*** DATA SECTION Section Begins ***
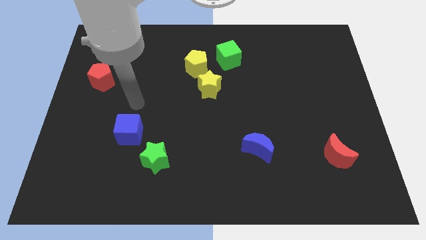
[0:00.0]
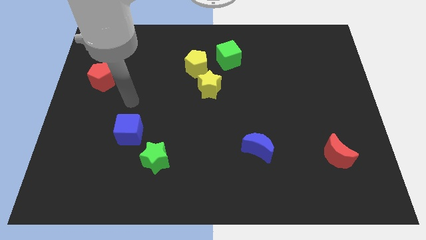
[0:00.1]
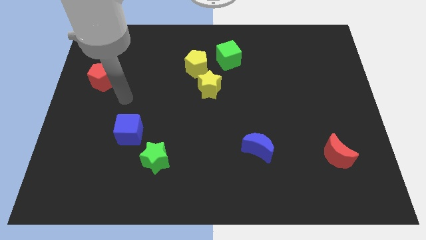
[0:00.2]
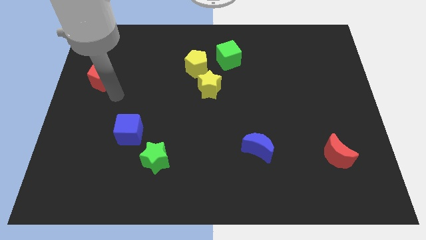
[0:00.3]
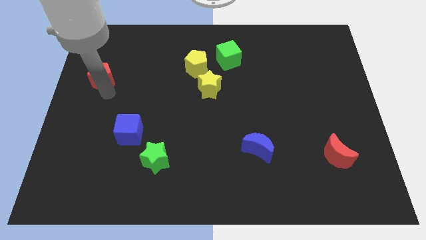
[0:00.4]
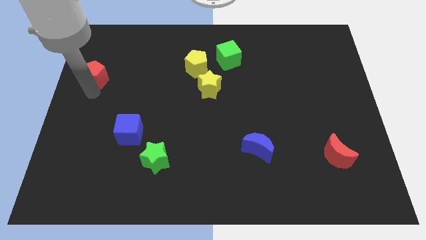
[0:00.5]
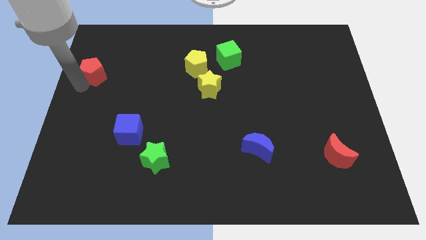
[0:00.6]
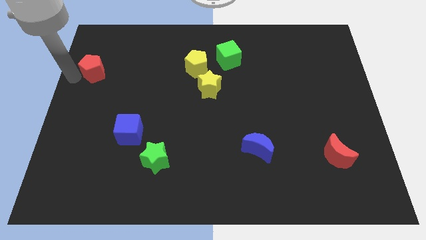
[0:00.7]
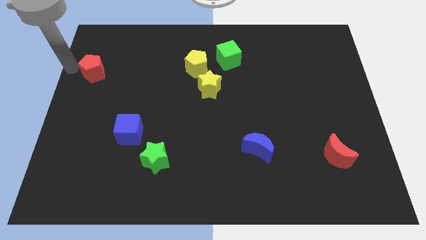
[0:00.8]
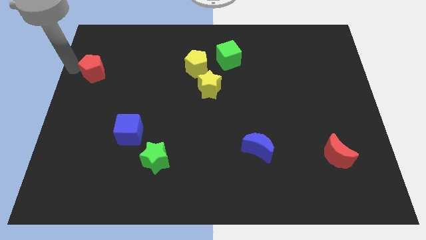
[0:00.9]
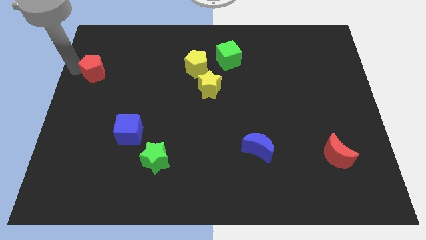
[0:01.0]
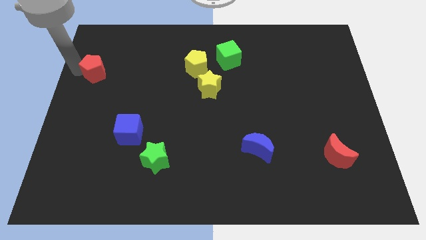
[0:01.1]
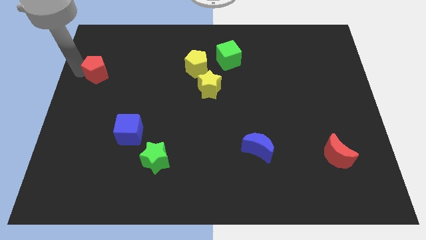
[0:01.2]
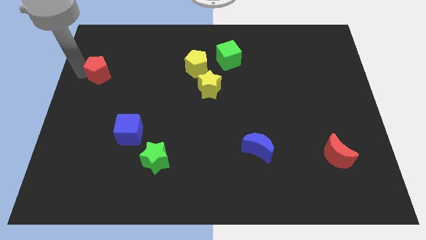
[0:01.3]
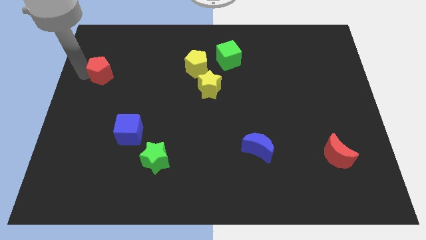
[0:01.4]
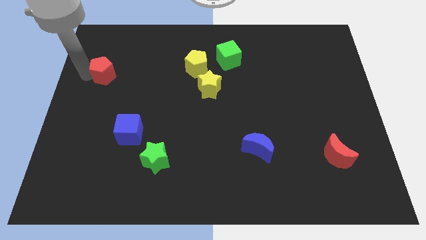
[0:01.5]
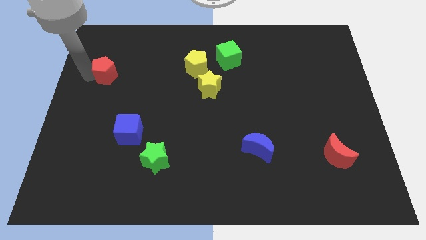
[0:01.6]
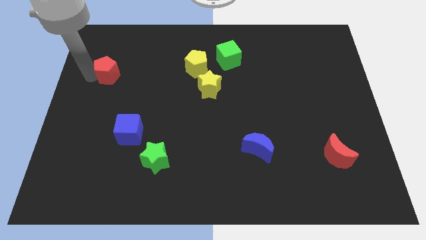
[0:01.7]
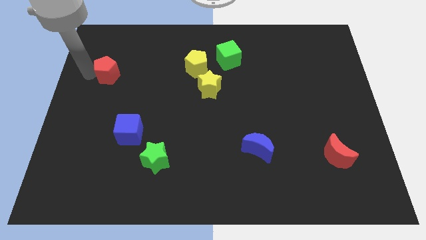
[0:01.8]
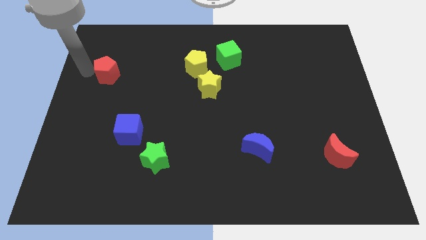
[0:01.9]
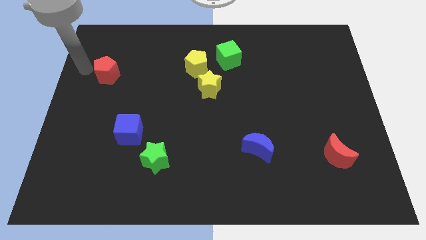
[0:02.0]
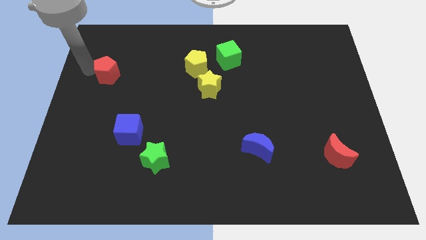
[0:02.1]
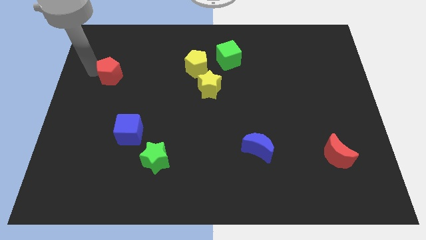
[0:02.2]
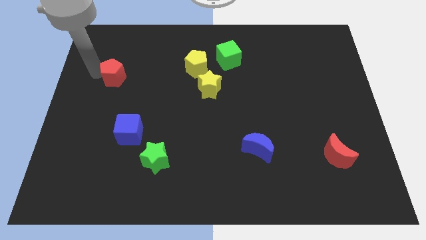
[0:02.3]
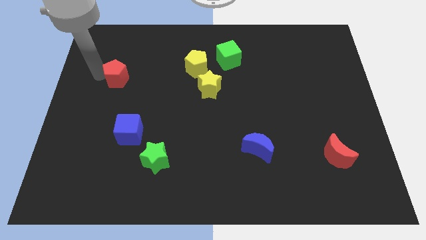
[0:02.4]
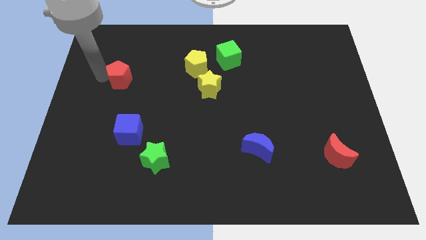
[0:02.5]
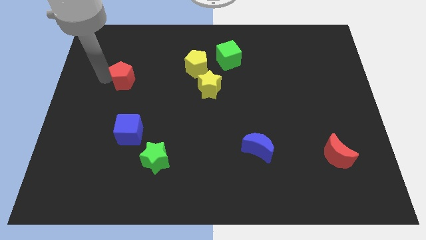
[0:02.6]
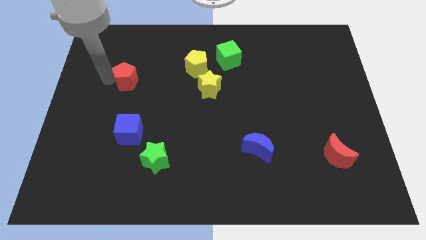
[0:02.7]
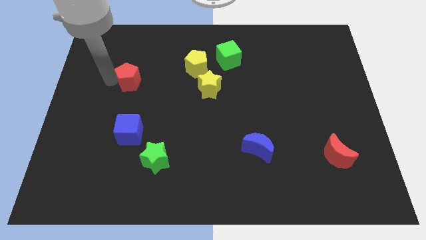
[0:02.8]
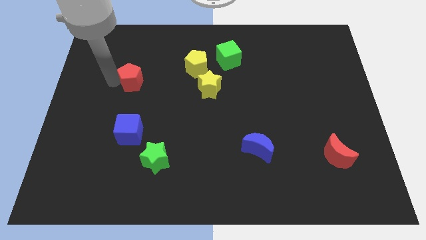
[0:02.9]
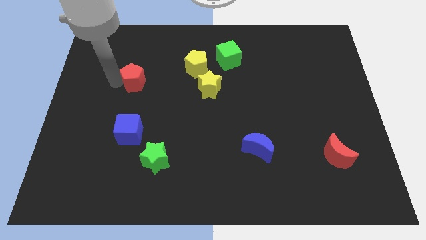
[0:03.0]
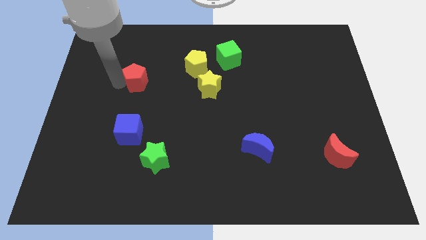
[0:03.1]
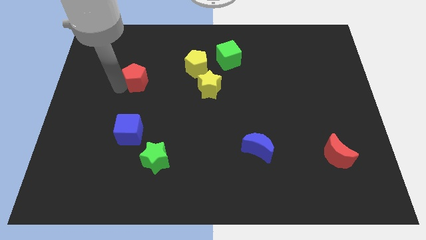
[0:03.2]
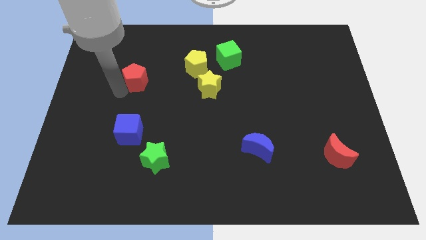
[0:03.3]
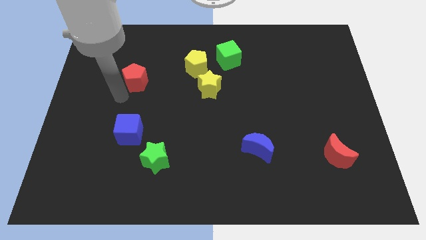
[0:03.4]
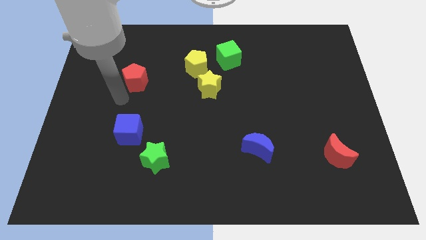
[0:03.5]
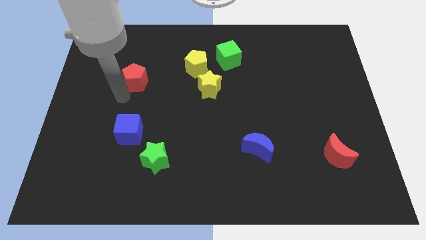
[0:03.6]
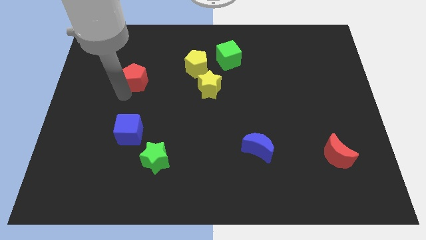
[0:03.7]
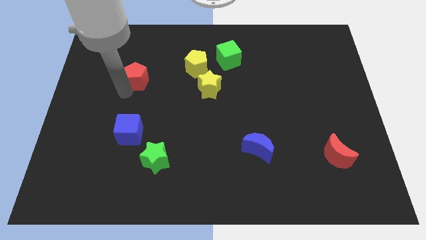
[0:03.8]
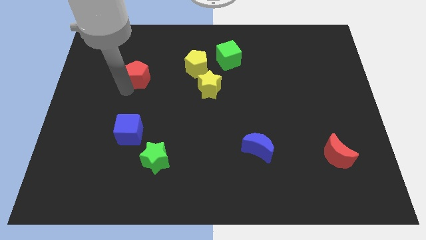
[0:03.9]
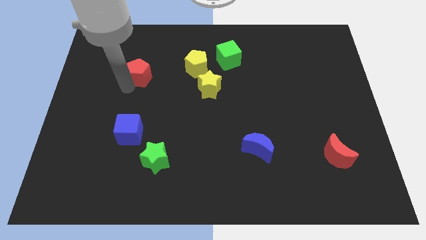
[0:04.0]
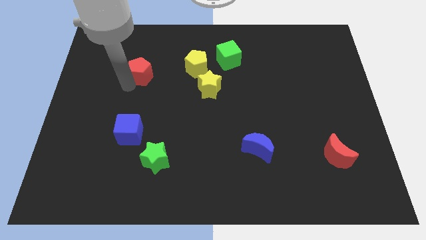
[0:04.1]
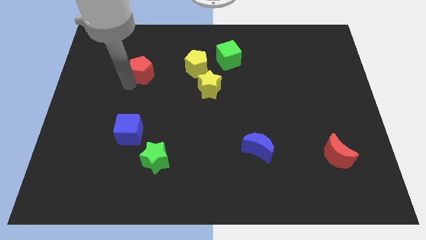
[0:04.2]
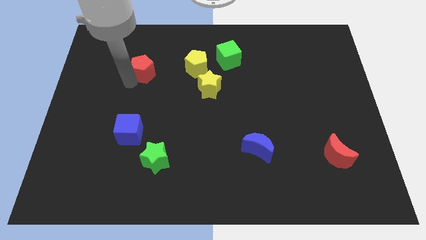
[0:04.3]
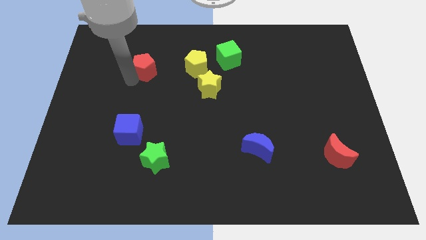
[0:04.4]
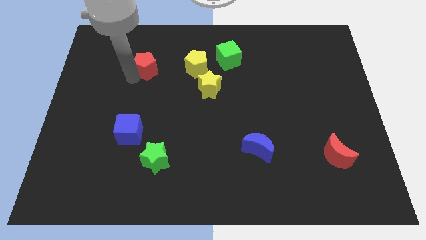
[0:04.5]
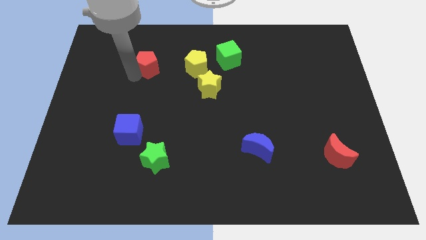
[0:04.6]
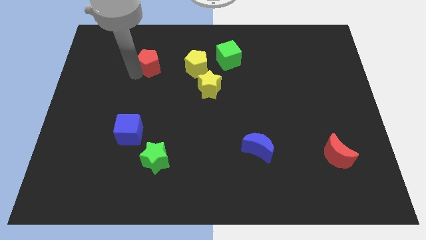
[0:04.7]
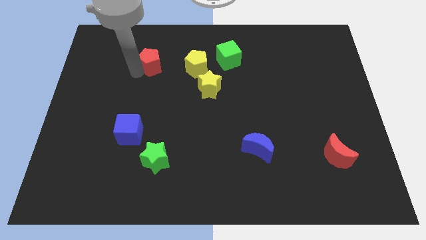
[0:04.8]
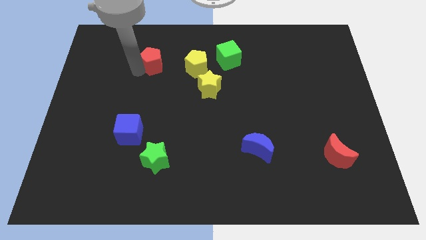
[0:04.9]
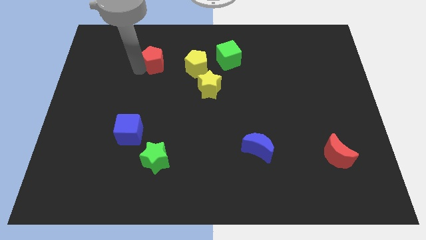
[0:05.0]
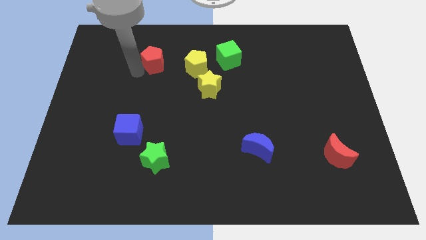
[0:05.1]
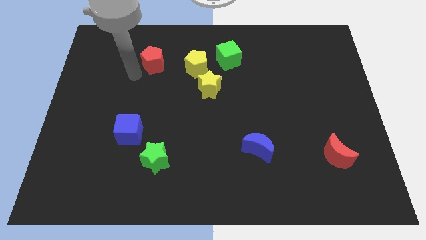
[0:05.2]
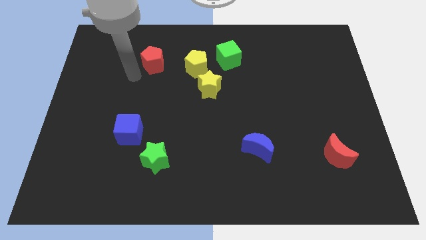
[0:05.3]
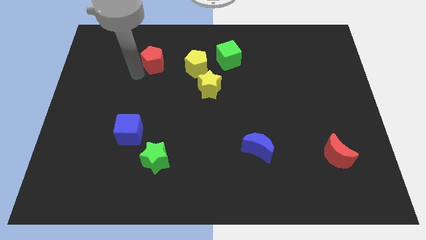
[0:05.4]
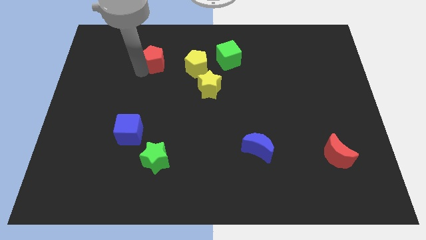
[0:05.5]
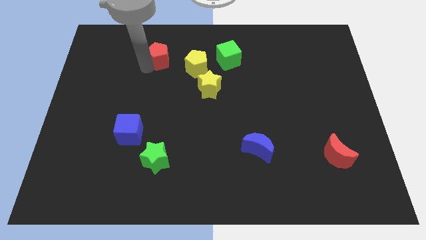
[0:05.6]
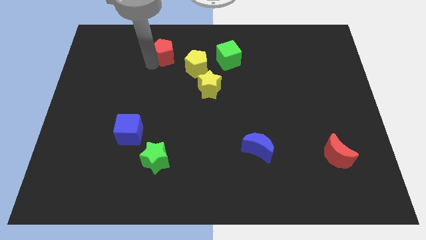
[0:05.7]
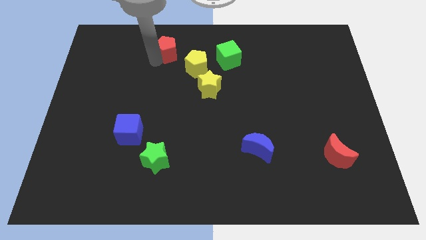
*** DATA SECTION Section Ends ***
» EXERCISE DIRECTIONS
The answer should consist of all the records, duplicated exactly, with no images included.

» RESULT BELOW
[0:00.0]
[0:00.1]
[0:00.2]
[0:00.3]
[0:00.4]
[0:00.5]
[0:00.6]
[0:00.7]
[0:00.8]
[0:00.9]
[0:01.0]
[0:01.1]
[0:01.2]
[0:01.3]
[0:01.4]
[0:01.5]
[0:01.6]
[0:01.7]
[0:01.8]
[0:01.9]
[0:02.0]
[0:02.1]
[0:02.2]
[0:02.3]
[0:02.4]
[0:02.5]
[0:02.6]
[0:02.7]
[0:02.8]
[0:02.9]
[0:03.0]
[0:03.1]
[0:03.2]
[0:03.3]
[0:03.4]
[0:03.5]
[0:03.6]
[0:03.7]
[0:03.8]
[0:03.9]
[0:04.0]
[0:04.1]
[0:04.2]
[0:04.3]
[0:04.4]
[0:04.5]
[0:04.6]
[0:04.7]
[0:04.8]
[0:04.9]
[0:05.0]
[0:05.1]
[0:05.2]
[0:05.3]
[0:05.4]
[0:05.5]
[0:05.6]
[0:05.7]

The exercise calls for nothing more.